Miniatures and my players

MerricB

Eternal Optimist
Supporter
The other day, I forgot to bring the dry-erase pen I needed for my battlemat. Well, no matter - we were running the final two encounters of Keep on the Shadowfell, and they already had maps. However, they took less time than was available in the session so we started on Thunderspire Labyrinth. In normal circumstances, I'd draw out the map for it.

However, I decided just to wing it - to run 4e without miniatures. I've run every edition of D&D without miniatures at some point (about 50% of 3e, more of earlier editions). However, as I described the action, the players just set up the miniatures on the mat, imagined where the walls were, and went from there.

Well, that was fine, and we had a good combat and then some roleplaying after it.

However, this is just one of my two groups, and the one that is the most action-orientated and least roleplaying inclined.

So, what do my other group think of minis? Well, for Bradford, my most rules-challenged and roleplaying-gifted member of the group: miniatures all the way. They help him visualise the action. And the reaction is the same from most of the group: they prefer miniatures.

(Bradford's a great player, who doesn't like overly complicated rules. He's found 4e to be a great, great improvement from 3e: easy to create characters, easy to play).

I've no doubt that the way abilities and combat are structured in 4e (and, to some extent, 3e) has a great effect on this. When there are mechanical implications to your position, you tend to want a more accurate way of tracking it. I also feel that miniatures, at least to my game, have a detrimental effect on great descriptions during combat. Mind you, I'm not big on descriptive passages anyway.
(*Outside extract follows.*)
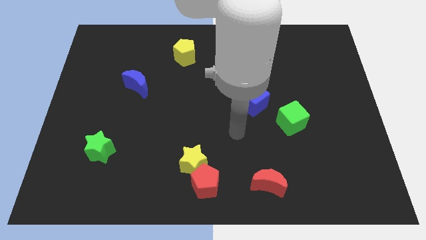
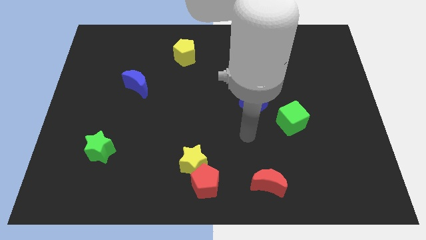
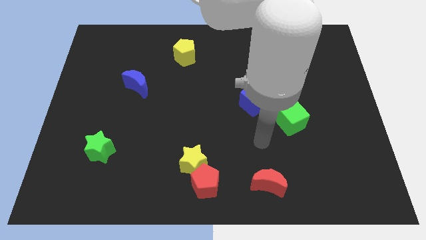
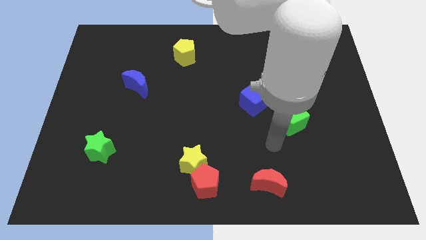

However, are those great descriptions during combat just a way of making the combat more interesting without the miniatures and manuevering rules making it more interesting? Certainly, a lot of AD&D combats really boiled down to "I hit. You hit" with nothing more significant going on. If the players' attentions are being focused on avoiding being pushed into a pit and getting into the best position to aid their fellows, are we really losing that much: the game is equally fun, but the fun is coming from a different source?

Cheers!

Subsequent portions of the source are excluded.